Two steps are require to fix:

 - Trigger cert regeneration by deleting `openshift-etcd/etcd-serving-metrics-*`
 - Update advertised peer urls to reflect the new ip address(es): https://etcd.io/docs/v3.3/op-guide/runtime-configuration/#update-advertise-peer-urls

A larger issue for the customer is ensuring that the ip addresses of master nodes do not vary. Ensuring static ip assignment is platform-specific and outside the scope of something the etcd team can assist with. If this is not fixed, the next master node reboot (whether due to upgrade or another trigger) is likely to see the recurrence of the reported issue.

Comment 7 Lucas López Montero 2021-05-07 07:38:52 UTC

I wrote the KCS article https://access.redhat.com/node/6021331 and I am working to correct it with the new information.

Regarding the first step, are all the files listed below the ones that have to be removed?

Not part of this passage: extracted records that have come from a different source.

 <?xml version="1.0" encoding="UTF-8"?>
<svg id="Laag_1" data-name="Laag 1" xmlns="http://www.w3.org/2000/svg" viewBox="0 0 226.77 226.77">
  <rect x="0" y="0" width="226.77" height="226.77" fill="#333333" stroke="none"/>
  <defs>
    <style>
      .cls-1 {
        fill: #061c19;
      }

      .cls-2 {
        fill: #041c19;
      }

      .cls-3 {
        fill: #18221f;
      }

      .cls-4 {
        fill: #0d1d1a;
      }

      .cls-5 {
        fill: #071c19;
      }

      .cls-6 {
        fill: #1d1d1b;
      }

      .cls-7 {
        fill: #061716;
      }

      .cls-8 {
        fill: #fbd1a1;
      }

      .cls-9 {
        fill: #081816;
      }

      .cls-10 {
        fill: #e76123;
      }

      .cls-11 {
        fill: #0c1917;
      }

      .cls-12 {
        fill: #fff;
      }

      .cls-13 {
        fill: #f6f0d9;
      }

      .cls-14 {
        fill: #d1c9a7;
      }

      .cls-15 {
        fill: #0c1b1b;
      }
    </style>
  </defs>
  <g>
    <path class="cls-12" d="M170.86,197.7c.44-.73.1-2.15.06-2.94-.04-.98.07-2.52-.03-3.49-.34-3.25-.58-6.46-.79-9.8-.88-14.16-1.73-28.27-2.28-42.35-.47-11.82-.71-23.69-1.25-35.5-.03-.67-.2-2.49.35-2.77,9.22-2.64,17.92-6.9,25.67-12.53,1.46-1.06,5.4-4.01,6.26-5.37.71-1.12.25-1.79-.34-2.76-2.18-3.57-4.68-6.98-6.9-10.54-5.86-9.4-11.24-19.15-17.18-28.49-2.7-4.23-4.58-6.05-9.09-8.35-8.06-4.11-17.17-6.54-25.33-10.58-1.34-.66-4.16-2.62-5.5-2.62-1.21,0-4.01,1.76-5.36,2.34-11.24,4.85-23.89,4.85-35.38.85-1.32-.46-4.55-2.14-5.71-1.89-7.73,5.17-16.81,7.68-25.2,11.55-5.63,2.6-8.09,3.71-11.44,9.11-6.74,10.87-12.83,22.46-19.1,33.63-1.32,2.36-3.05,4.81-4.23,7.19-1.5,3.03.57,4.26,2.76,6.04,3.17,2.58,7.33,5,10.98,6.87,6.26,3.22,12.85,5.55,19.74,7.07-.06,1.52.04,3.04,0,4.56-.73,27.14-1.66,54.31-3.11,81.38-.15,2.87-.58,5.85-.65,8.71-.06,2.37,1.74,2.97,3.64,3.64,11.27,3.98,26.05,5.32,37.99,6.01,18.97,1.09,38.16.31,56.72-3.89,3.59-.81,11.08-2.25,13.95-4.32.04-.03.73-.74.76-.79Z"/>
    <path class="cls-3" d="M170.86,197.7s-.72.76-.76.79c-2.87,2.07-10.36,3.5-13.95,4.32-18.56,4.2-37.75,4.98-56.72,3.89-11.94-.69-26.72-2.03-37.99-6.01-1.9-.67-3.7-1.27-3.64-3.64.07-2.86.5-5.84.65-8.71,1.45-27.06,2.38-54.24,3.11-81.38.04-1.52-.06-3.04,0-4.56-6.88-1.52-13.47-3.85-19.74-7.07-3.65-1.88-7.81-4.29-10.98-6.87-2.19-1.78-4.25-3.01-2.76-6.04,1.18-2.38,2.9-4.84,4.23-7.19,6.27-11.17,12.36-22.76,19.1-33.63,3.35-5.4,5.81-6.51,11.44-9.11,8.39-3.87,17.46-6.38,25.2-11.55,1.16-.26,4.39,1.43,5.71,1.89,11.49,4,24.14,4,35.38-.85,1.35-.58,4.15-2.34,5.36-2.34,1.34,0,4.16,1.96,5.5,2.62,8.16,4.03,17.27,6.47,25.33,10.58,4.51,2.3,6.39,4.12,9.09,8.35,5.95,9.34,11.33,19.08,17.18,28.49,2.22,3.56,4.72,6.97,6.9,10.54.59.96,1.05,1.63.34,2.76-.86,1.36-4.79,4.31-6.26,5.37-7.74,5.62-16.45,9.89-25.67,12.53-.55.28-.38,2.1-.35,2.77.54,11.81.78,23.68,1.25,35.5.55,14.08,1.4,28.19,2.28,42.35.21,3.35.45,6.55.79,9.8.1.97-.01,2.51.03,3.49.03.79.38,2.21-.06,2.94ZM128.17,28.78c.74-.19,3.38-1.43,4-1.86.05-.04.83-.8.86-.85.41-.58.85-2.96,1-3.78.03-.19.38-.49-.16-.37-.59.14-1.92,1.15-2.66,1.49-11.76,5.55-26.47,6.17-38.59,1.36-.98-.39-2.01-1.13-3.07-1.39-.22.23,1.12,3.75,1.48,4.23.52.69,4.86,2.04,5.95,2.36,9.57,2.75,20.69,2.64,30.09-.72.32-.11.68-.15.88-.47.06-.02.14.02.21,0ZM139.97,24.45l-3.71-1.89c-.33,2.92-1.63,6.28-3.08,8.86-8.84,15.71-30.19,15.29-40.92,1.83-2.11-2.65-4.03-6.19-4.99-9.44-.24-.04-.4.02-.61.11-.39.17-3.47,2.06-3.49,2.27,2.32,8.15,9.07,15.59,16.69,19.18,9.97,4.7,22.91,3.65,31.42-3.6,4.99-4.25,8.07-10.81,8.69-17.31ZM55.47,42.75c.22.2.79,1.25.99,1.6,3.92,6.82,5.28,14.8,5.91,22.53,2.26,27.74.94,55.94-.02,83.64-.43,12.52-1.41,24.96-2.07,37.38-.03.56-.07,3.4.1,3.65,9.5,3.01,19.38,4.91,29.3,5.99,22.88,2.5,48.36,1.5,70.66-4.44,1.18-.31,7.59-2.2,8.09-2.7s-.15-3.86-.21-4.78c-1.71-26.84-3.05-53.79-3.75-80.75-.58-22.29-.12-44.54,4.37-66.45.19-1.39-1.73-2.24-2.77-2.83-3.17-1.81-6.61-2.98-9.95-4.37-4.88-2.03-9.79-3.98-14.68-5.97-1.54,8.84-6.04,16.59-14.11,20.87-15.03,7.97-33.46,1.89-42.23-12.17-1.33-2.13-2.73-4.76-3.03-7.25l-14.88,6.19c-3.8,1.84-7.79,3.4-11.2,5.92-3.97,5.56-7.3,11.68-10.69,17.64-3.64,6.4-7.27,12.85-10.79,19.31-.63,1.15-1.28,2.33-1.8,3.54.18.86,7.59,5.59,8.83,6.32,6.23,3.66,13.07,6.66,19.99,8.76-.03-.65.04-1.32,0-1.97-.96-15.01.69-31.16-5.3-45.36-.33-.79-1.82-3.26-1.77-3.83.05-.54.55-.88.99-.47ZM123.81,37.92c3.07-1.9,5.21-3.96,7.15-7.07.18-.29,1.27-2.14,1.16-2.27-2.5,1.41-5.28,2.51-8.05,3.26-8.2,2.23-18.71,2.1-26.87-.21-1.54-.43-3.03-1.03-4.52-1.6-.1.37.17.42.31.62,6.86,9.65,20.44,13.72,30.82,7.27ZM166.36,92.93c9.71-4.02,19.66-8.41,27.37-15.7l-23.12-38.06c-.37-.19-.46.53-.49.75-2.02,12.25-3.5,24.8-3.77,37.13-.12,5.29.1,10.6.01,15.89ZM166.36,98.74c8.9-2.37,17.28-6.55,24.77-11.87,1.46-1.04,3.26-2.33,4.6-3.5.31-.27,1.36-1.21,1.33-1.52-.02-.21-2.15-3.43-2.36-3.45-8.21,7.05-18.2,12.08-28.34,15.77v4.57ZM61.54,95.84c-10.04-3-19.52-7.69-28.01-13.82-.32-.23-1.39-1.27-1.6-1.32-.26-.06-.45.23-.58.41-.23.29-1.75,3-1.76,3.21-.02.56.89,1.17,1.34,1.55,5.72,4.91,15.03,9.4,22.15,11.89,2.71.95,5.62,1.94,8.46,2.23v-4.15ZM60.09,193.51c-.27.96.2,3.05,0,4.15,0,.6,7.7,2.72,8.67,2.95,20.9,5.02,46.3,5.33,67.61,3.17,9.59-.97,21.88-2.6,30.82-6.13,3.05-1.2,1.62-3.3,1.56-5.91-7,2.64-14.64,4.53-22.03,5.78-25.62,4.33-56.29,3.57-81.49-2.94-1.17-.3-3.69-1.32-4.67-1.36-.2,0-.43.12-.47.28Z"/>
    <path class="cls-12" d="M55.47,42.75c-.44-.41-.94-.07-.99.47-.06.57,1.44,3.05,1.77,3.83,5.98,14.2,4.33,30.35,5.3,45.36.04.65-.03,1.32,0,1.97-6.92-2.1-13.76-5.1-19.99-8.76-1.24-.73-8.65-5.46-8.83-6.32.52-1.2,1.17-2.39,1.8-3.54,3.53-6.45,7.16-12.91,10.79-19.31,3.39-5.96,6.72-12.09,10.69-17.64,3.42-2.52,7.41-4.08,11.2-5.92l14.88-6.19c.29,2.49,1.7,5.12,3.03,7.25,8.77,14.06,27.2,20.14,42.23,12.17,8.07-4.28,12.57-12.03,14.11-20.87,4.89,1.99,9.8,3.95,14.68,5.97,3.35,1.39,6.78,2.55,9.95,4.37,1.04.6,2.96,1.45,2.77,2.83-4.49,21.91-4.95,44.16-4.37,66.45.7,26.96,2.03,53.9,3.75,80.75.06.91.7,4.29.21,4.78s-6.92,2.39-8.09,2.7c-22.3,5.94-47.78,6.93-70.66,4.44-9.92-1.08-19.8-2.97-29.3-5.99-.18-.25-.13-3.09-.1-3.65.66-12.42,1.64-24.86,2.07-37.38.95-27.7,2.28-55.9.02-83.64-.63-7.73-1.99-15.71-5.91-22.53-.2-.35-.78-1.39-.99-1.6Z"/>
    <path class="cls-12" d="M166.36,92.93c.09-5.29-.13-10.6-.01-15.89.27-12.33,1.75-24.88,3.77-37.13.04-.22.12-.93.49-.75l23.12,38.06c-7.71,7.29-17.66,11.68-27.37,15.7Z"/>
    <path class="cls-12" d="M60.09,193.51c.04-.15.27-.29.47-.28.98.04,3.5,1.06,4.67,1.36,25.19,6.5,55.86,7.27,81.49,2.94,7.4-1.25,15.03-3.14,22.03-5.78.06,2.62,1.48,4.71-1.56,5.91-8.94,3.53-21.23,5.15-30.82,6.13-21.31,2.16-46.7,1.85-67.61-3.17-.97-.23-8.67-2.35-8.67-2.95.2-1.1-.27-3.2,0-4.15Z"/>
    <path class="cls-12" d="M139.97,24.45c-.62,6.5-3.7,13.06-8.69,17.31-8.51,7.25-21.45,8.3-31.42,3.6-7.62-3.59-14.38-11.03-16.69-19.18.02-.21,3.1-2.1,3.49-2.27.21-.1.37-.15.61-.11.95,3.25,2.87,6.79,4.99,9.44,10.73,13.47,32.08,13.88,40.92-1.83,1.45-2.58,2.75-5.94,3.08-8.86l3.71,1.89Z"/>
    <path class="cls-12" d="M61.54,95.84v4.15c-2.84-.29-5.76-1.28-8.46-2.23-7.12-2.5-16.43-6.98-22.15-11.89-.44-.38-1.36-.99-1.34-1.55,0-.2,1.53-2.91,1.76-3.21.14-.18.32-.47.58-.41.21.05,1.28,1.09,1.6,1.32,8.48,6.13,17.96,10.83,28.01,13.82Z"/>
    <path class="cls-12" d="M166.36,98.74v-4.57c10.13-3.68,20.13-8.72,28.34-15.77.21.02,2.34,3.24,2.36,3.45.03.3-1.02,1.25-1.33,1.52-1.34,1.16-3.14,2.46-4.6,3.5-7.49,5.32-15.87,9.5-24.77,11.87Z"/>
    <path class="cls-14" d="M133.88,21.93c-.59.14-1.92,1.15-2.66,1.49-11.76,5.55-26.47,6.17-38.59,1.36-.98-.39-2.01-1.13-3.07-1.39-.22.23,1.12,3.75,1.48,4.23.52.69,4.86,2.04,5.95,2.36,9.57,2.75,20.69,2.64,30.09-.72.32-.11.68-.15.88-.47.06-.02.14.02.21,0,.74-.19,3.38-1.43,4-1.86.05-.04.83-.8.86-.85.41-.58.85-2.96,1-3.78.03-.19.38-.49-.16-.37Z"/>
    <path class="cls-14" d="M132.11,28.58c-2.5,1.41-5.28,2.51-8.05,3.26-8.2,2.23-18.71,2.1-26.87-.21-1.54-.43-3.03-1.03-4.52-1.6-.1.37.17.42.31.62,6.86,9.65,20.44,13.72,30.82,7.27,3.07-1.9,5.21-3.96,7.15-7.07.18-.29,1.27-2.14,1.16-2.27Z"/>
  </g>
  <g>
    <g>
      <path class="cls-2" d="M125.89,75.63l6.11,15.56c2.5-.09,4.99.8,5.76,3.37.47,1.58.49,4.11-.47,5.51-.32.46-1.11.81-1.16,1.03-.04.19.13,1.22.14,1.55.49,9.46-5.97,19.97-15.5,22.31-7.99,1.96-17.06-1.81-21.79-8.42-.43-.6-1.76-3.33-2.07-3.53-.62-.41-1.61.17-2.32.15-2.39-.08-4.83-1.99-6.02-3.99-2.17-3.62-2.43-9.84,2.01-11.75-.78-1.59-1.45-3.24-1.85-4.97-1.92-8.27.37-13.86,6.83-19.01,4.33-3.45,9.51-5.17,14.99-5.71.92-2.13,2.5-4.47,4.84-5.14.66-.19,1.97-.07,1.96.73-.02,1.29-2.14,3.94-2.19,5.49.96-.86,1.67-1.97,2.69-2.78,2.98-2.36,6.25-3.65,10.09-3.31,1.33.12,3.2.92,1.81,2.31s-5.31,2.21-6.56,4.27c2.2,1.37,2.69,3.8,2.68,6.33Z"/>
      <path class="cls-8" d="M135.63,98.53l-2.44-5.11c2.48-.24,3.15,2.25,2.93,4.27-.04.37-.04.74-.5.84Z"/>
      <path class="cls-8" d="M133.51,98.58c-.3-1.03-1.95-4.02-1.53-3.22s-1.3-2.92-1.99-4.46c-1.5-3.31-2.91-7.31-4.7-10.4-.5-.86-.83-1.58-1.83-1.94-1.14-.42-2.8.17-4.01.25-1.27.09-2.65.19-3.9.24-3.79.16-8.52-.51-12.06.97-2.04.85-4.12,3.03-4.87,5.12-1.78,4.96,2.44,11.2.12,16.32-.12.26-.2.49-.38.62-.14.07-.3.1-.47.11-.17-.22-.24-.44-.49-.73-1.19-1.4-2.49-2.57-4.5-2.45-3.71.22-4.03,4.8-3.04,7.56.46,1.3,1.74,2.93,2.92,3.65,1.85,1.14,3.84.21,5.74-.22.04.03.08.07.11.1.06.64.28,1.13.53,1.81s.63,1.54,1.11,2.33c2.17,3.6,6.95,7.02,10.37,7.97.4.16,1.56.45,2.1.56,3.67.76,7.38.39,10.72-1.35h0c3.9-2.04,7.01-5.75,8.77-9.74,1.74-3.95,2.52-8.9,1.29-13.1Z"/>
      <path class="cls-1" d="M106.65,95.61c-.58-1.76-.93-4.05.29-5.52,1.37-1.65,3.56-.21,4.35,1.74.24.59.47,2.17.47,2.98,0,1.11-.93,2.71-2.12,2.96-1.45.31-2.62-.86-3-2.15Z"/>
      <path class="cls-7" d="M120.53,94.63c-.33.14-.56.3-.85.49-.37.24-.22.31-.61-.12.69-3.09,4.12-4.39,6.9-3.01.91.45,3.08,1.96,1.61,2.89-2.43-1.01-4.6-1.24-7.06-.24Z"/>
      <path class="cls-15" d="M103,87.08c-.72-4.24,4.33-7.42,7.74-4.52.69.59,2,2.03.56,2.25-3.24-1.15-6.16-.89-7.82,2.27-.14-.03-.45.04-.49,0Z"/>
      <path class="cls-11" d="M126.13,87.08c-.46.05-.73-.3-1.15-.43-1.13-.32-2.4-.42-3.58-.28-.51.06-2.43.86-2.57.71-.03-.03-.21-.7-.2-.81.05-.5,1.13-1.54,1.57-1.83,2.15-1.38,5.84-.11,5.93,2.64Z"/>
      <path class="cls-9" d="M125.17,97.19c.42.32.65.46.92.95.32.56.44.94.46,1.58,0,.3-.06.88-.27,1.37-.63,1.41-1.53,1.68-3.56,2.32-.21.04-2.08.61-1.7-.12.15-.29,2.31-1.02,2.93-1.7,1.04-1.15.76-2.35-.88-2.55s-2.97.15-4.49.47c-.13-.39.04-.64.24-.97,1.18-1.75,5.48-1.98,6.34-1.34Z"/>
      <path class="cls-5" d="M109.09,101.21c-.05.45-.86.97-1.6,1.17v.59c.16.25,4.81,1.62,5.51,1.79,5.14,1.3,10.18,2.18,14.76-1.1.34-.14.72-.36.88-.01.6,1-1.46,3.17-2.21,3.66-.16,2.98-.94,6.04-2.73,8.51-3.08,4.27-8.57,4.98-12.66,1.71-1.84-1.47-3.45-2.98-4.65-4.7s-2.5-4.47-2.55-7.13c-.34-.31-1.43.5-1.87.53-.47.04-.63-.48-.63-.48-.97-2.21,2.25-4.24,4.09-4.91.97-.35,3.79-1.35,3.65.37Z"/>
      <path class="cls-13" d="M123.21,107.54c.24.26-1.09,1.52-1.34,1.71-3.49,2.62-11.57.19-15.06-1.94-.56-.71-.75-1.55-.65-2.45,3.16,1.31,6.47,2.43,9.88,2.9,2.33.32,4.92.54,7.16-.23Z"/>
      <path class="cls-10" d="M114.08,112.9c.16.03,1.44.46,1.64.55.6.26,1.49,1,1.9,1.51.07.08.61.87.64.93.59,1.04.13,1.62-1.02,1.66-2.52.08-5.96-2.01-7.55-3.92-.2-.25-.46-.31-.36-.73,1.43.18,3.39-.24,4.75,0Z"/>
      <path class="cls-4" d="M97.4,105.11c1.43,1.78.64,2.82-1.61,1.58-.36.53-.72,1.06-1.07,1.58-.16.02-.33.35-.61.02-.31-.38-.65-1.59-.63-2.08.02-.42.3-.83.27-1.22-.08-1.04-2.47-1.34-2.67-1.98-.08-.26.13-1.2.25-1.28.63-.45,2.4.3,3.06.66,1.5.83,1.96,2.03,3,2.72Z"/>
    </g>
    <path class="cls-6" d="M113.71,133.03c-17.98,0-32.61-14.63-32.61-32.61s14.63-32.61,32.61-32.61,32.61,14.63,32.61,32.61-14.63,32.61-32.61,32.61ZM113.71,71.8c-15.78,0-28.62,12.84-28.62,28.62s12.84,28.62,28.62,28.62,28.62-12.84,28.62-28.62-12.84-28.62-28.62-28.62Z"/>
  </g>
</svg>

$ oc rsh etcd-ip-10-0-130-174.eu-central-1.compute.internal
Defaulting container name to etcdctl.
Use 'oc describe pod/etcd-ip-10-0-130-174.eu-central-1.compute.internal -n openshift-etcd' to see all of the containers in this pod.
sh-4.4# find / -iname "etcd-serving-metrics*"
/etc/kubernetes/static-pod-resources/secrets/etcd-all-serving-metrics/etcd-serving-metrics-ip-10-0-130-174.eu-central-1.compute.internal.crt
/etc/kubernetes/static-pod-resources/secrets/etcd-all-serving-metrics/etcd-serving-metrics-ip-10-0-130-174.eu-central-1.compute.internal.key
/etc/kubernetes/static-pod-resources/secrets/etcd-all-serving-metrics/etcd-serving-metrics-ip-10-0-171-199.eu-central-1.compute.internal.crt
/etc/kubernetes/static-pod-resources/secrets/etcd-all-serving-metrics/etcd-serving-metrics-ip-10-0-171-199.eu-central-1.compute.internal.key
/etc/kubernetes/static-pod-resources/secrets/etcd-all-serving-metrics/etcd-serving-metrics-ip-10-0-195-125.eu-central-1.compute.internal.crt
/etc/kubernetes/static-pod-resources/secrets/etcd-all-serving-metrics/etcd-serving-metrics-ip-10-0-195-125.eu-central-1.compute.internal.key
/etc/kubernetes/static-pod-certs/secrets/etcd-all-serving-metrics/etcd-serving-metrics-ip-10-0-130-174.eu-central-1.compute.internal.key
/etc/kubernetes/static-pod-certs/secrets/etcd-all-serving-metrics/etcd-serving-metrics-ip-10-0-171-199.eu-central-1.compute.internal.crt
/etc/kubernetes/static-pod-certs/secrets/etcd-all-serving-metrics/etcd-serving-metrics-ip-10-0-171-199.eu-central-1.compute.internal.key
/etc/kubernetes/static-pod-certs/secrets/etcd-all-serving-metrics/etcd-serving-metrics-ip-10-0-195-125.eu-central-1.compute.internal.crt
/etc/kubernetes/static-pod-certs/secrets/etcd-all-serving-metrics/etcd-serving-metrics-ip-10-0-195-125.eu-central-1.compute.internal.key
/etc/kubernetes/static-pod-certs/secrets/etcd-all-serving-metrics/etcd-serving-metrics-ip-10-0-130-174.eu-central-1.compute.internal.crt

Comment 8 Maru Newby 2021-05-10 20:44:34 UTC

Apologies for not being clear. The first step is deleting secrets with a name prefix of 'etcd-serving-metrics-' in the 'openshift-etcd' namespace. This will prompt recreation of all secrets for all etcd members.

Comment 9 Lucas López Montero 2021-05-12 08:26:57 UTC

No problem, Maru. Thank you very much for your clarification. The KCS article has been edited with the optimal solution.